- [Aim of the task] Note every line in the entries that contains the string "loose", and copy it.

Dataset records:
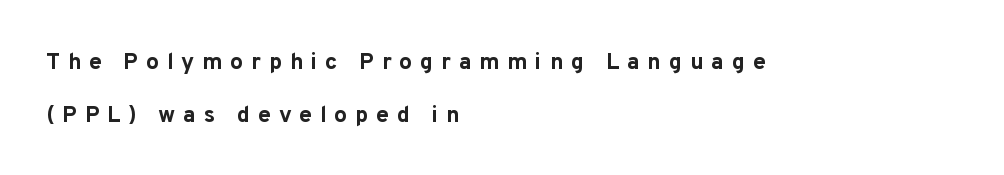
Q: Is the text bold? A: Yes.
Q: Is the text italic (slanted)? A: No, it is upright.
Q: Is the text underlined? A: No.
Q: How is the paragraph aligned? A: Left-aligned.
Q: Is the spacing between letters normal or unusually wide? A: Unusually wide.
Q: Is the spacing between lines tight, normal or loose? A: Loose.
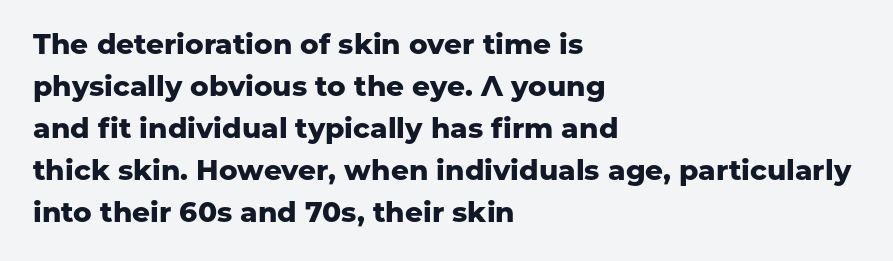
Q: Is the text bold? A: Yes.
Q: Is the text italic (slanted)? A: No, it is upright.
Q: Is the typeface a serif or a sans-serif typeface? A: Sans-serif.
Q: Is the text underlined? A: No.
Q: How is the paragraph aligned? A: Left-aligned.
Q: Is the spacing between letters normal or unusually wide? A: Normal.
Q: Is the spacing between lines tight, normal or loose? A: Normal.
Q: Width (condensed, normal, or wide)? A: Normal.
Q: Stroke contrast? A: Low.
Q: x-height? A: Medium.
Q: Monospaced? A: No.
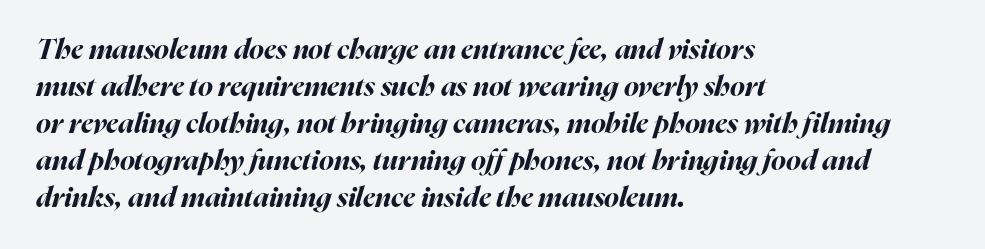
The image shows 28 px bold type, italic (leaning right); set left-aligned, normal line spacing (1.32x), normal letter spacing, not underlined; high stroke contrast and a medium x-height.
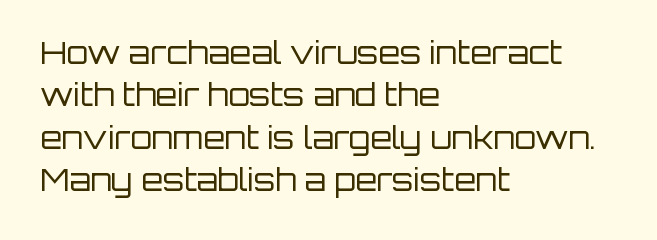
The image shows 31 px regular-weight sans-serif type, upright; set left-aligned, normal line spacing (1.37x), normal letter spacing, not underlined; low stroke contrast and a large x-height.
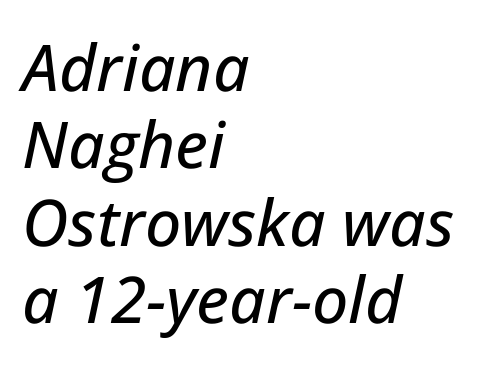
{"italic": "yes", "lean": "right", "slant_degrees": 12, "width": "normal", "stroke_contrast": "low", "x_height": "medium", "monospaced": "no", "underline": "no", "align": "left", "line_spacing_ratio": 1.21, "letter_spacing": "normal", "letter_spacing_em": 0.0, "glyph_px": 64}

- [Response area]
Q: Is the spacing between lines tight, normal or loose? A: Loose.
Q: Is the spacing between lines tight, normal or loose? A: Normal.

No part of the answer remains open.